_Excerpted records_
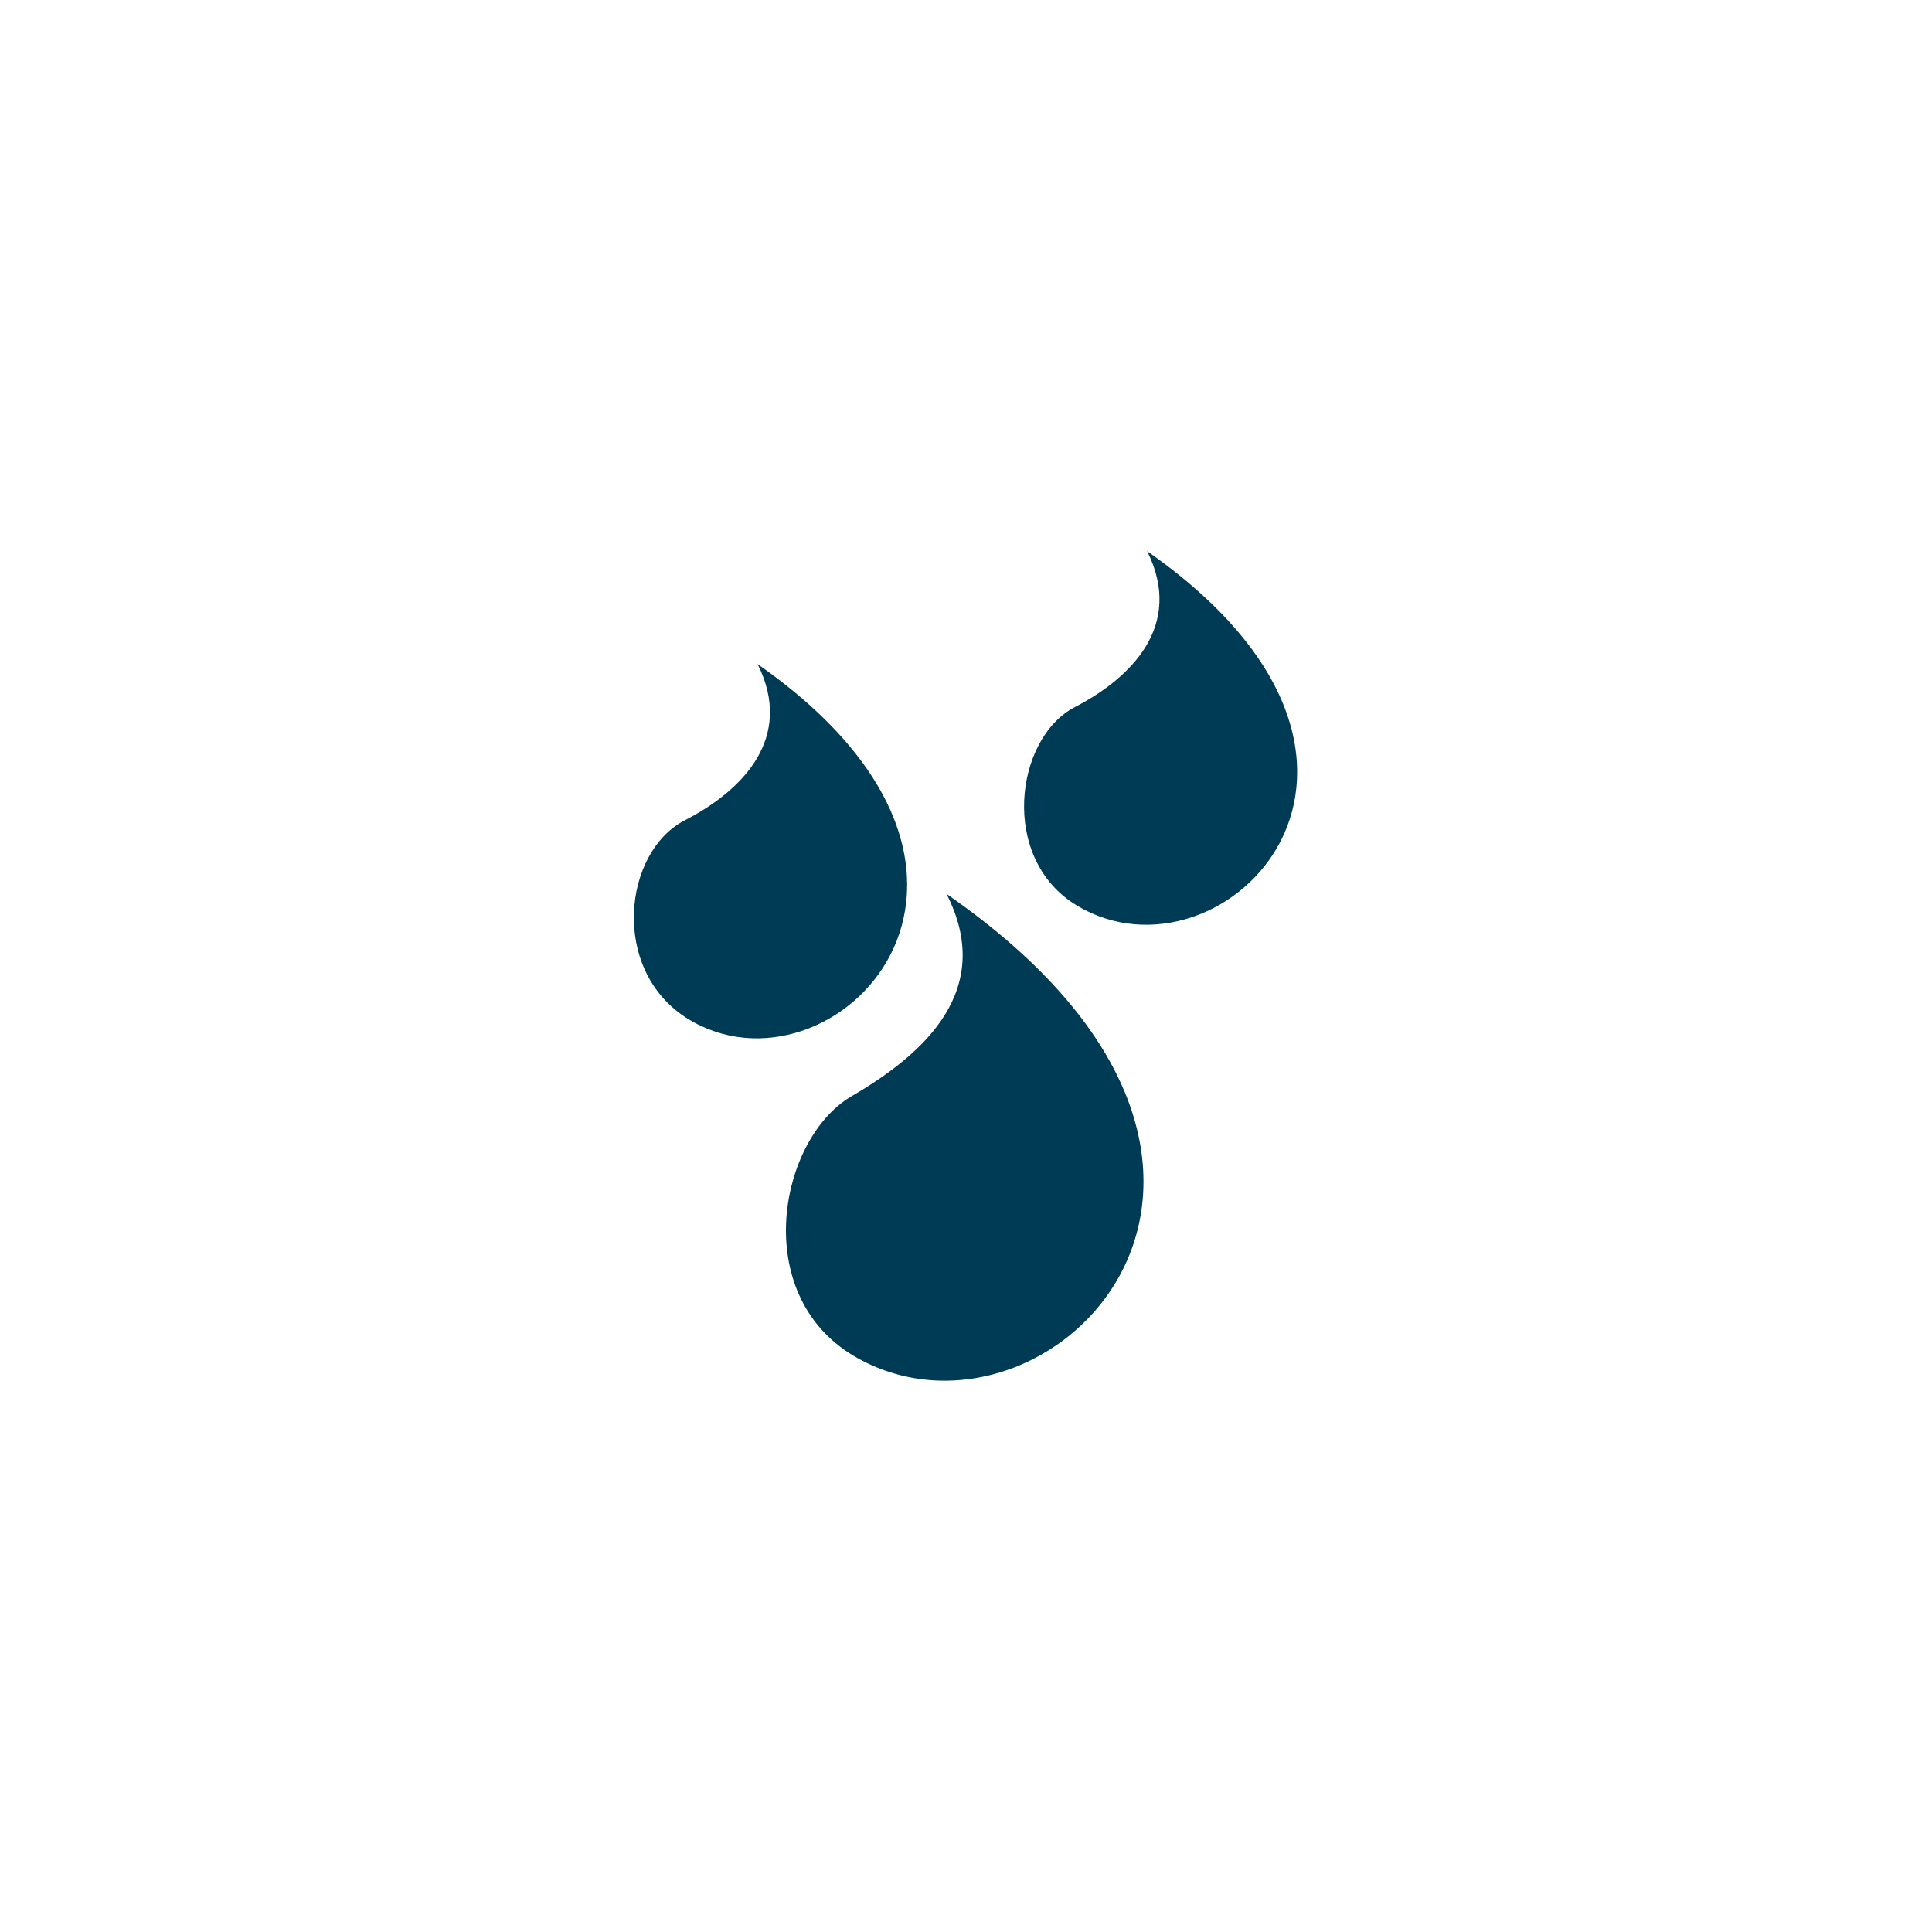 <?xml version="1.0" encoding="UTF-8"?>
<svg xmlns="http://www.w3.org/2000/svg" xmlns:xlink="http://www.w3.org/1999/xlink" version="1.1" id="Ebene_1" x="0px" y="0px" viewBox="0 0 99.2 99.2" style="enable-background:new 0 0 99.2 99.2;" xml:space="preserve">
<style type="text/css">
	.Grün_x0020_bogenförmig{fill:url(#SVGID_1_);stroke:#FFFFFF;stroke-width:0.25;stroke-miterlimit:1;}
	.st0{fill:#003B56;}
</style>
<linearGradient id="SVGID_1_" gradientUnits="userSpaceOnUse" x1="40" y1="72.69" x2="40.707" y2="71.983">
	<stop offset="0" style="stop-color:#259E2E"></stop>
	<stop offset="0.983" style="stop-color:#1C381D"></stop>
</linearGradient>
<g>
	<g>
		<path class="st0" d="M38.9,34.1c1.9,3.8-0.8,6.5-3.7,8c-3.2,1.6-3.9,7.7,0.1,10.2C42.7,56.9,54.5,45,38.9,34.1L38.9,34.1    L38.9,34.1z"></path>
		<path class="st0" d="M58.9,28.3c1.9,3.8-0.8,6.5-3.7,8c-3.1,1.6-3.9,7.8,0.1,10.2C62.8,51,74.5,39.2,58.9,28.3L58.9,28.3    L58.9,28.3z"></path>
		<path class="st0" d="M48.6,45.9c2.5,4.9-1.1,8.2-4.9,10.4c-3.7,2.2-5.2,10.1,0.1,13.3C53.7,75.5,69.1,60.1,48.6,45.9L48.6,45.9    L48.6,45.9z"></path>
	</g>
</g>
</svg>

_Exercise requirements_
For every line of the material above that contains the word "linearGradient", show the line.

_Task result_
<linearGradient id="SVGID_1_" gradientUnits="userSpaceOnUse" x1="40" y1="72.69" x2="40.707" y2="71.983">
</linearGradient>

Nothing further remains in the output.